The scoring system is designed to measure the concordance between examinees’ scripts and scripts from a panel of experts.
To create a scoring key, the SCT is submitted to a reference panel. The composition of the panel members depends on the assessment situation. Certified practicing specialists would be used for a certification examination, while family physicians working in the related field to the test would be considered as the reference panel for a continuing medical education activity. Most SCTs built so far for research purposes with residents and medical students used specialists from a chosen field to make up the reference panel. During their completion of the test, physicians are asked to identify the questions they find confusing or not relevant. These questions are then either discarded or rewritten(24). The number of physicians used to develop the scoring system must be sufficient to express the variability in answers that a reference panel may show for each item. A recently published study suggests that ten to 15 physicians are needed to maximize the reliability and validity of the aggregate scoring key.
The scoring process of the SCT is based on the principle that any answer reflects an acceptable opinion and that answers for which there is no agreement among all the panel should not be discarded. In fact, questions that have straightforward answers for which all members of the panel agree upon do not make good SCT cases. Those questions are not probing areas of uncertainty. For SCT questions, any answer given by a physician, who is part of the panel, has an intrinsic value, even if others might not agree with it. This scoring method is termed aggregate scoring, initially proposed by Norman and then Norcini.

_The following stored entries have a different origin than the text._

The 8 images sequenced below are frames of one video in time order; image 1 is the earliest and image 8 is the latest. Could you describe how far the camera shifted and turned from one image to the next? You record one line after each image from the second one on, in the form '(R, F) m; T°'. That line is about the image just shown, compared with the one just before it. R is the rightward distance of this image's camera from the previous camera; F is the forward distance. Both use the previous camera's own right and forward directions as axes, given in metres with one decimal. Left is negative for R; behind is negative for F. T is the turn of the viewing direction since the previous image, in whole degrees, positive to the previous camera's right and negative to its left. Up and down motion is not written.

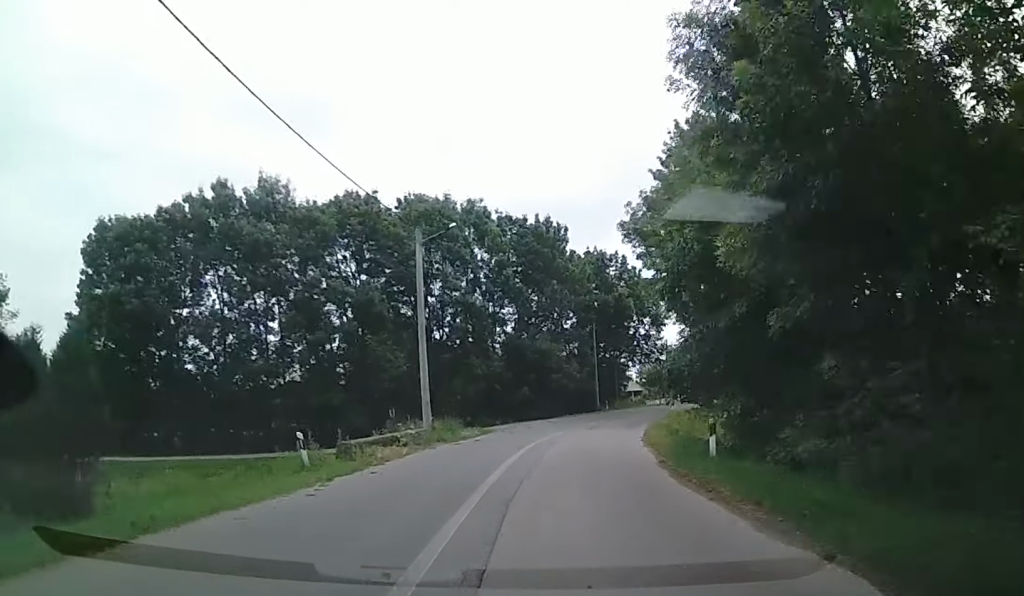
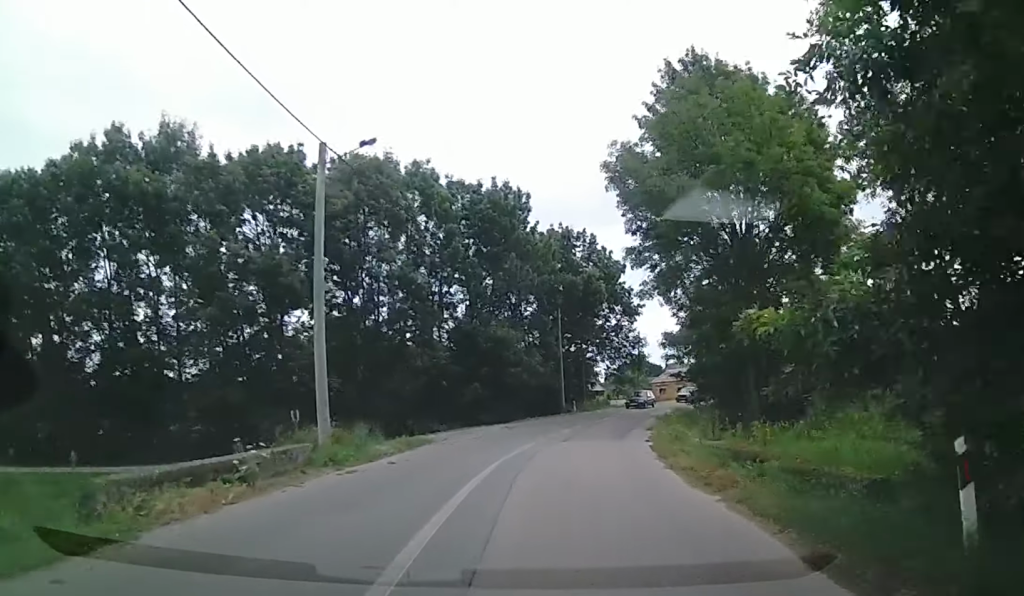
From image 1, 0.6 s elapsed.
(+0.5, +8.9) m; +2°
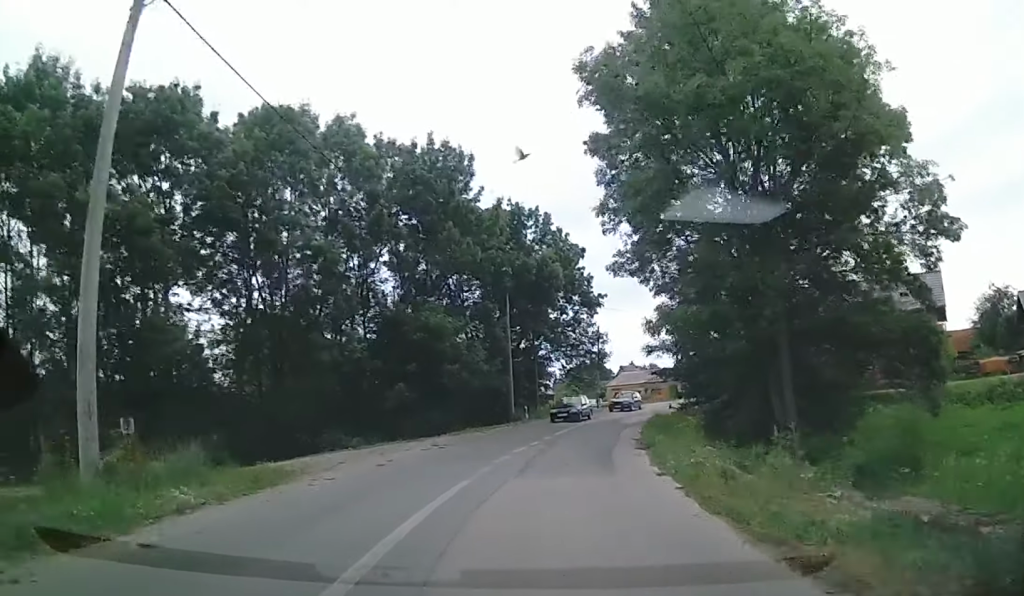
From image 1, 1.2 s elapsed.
(+0.1, +8.4) m; +3°
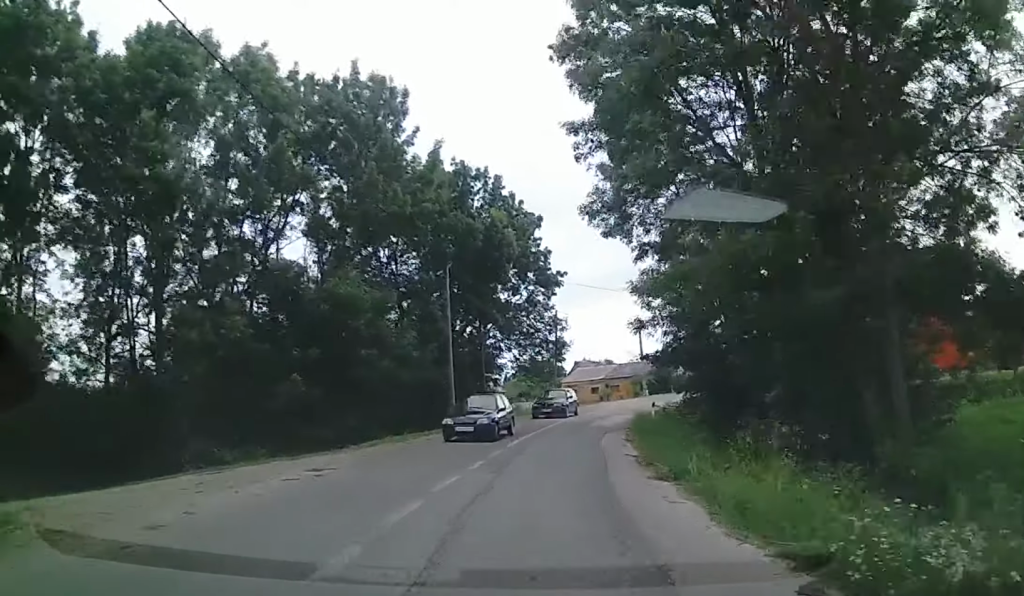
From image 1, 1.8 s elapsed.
(-0.2, +7.9) m; +3°
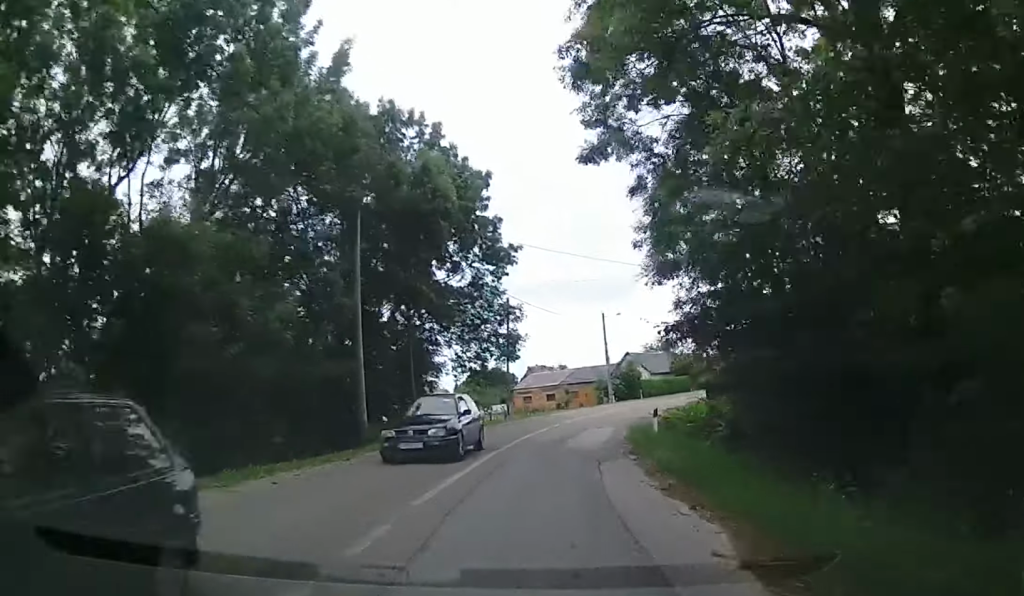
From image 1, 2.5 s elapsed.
(+0.7, +9.4) m; +3°
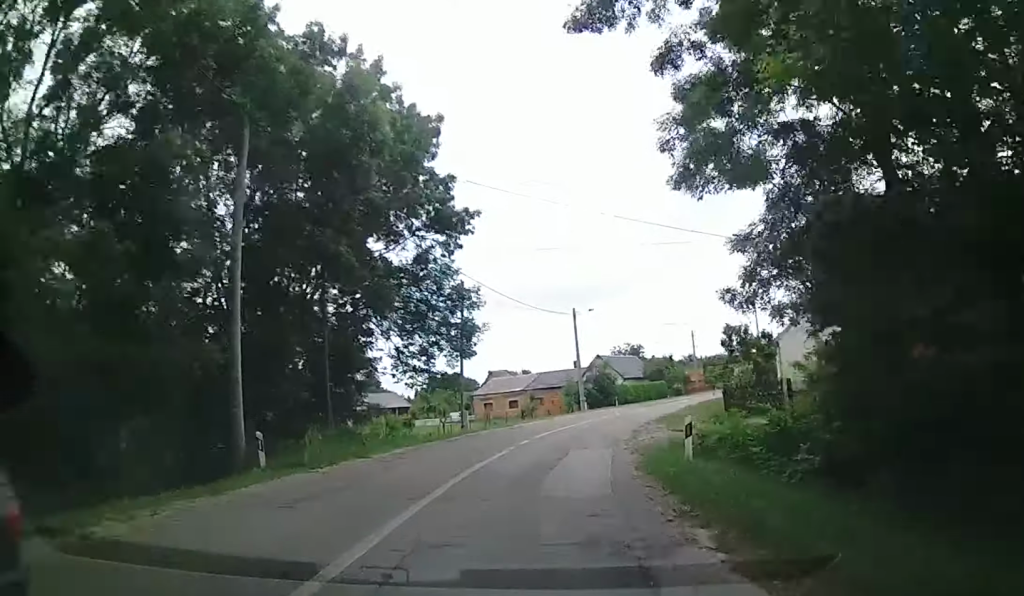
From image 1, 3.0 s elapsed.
(+0.3, +7.6) m; +2°
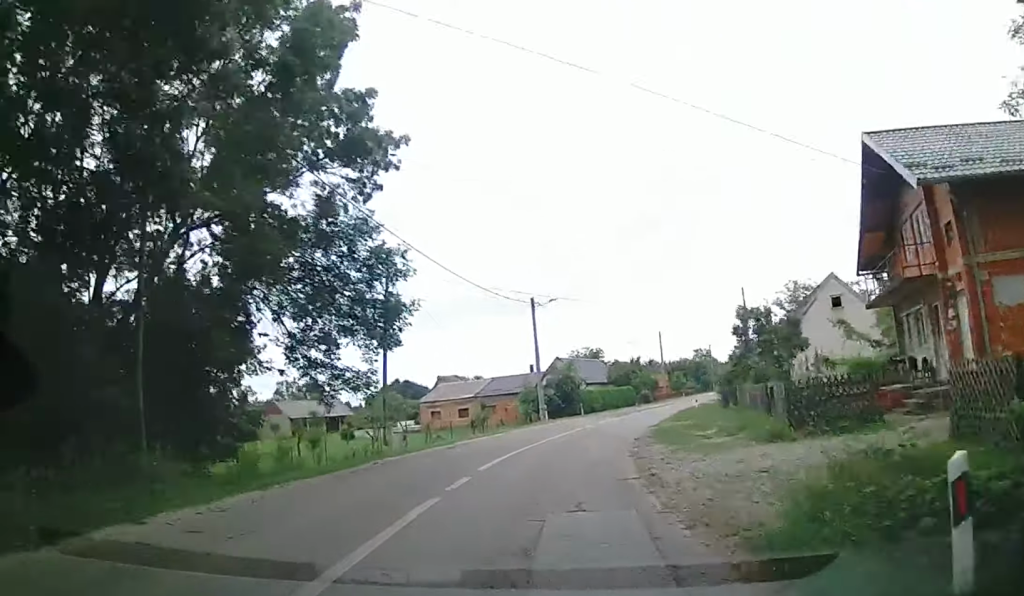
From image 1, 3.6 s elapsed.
(-0.3, +8.8) m; +3°
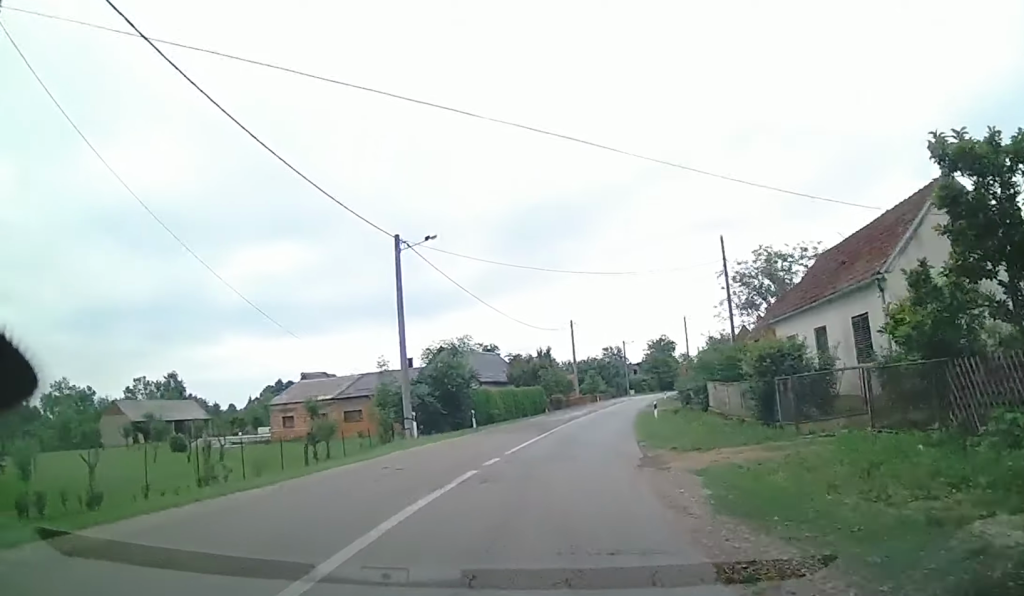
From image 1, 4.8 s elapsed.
(+1.6, +17.9) m; +8°

When scoring each question, examinees answers receive a credit mark corresponding to the proportion of panel members who selected that rating on the scale. The maximum score for each question is one (1) for the modal answer. Other panel members’ choices receive a partial credit. Answers not chosen by panel members receive zero. To get this proportional transformation, the number of members having provided an answer on the Likert scale is divided by the modal value for the item. For example, if there are 15 members in the reference panel who answered a question on a given SCT in the following way: none chose the “-2” and “-1” ratings, two chose the “0” rating, nine answered the “+1” rating, and four chose the “+2” rating. The modal answer is in this example the “+1” rating. Choosing this rating will give 1.0 point to the examinee. The “0” rating will give 0.22 point (2/9) and the “+2” rating 0.44 point (4/9).
Anchors on SCT question | -2 | -1 | 0 | +1 | +2 |
Number of times anchor was chosen by a panel member | 0 | 0 | 2 | 9 | 4 |
Calculation based on modal answer | 0/9 | 0/9 | 2/9 | 9/9 | 4/9 |
Points attributed to examinee | 0 | 0 | 0.22 | 1.0 | 0.44 |
By scoring SCTs with this modal method, all questions are worth a maximum of 1.0 point. The total score for an SCT is the sum of credits obtained on each question, which is transformed in the end to get a maximum score of 100, more easily understood by examinees. Again, as an example, if a given SCT has 65 questions, the maximum crude score obtainable by an examinee is 65. If one obtained 54.5 out of 65 on that SCT, the final score provided would be 83.8 (54.5/65). Scoring is weighted by the degree of agreement among the reference panel. This weighting reflects the way physicians overall answer the question. A score of 100 indicates that the examinee gave on each question the answer that most experts provided, and the lower the score the farther examinees are from the panel’s given script for each situation.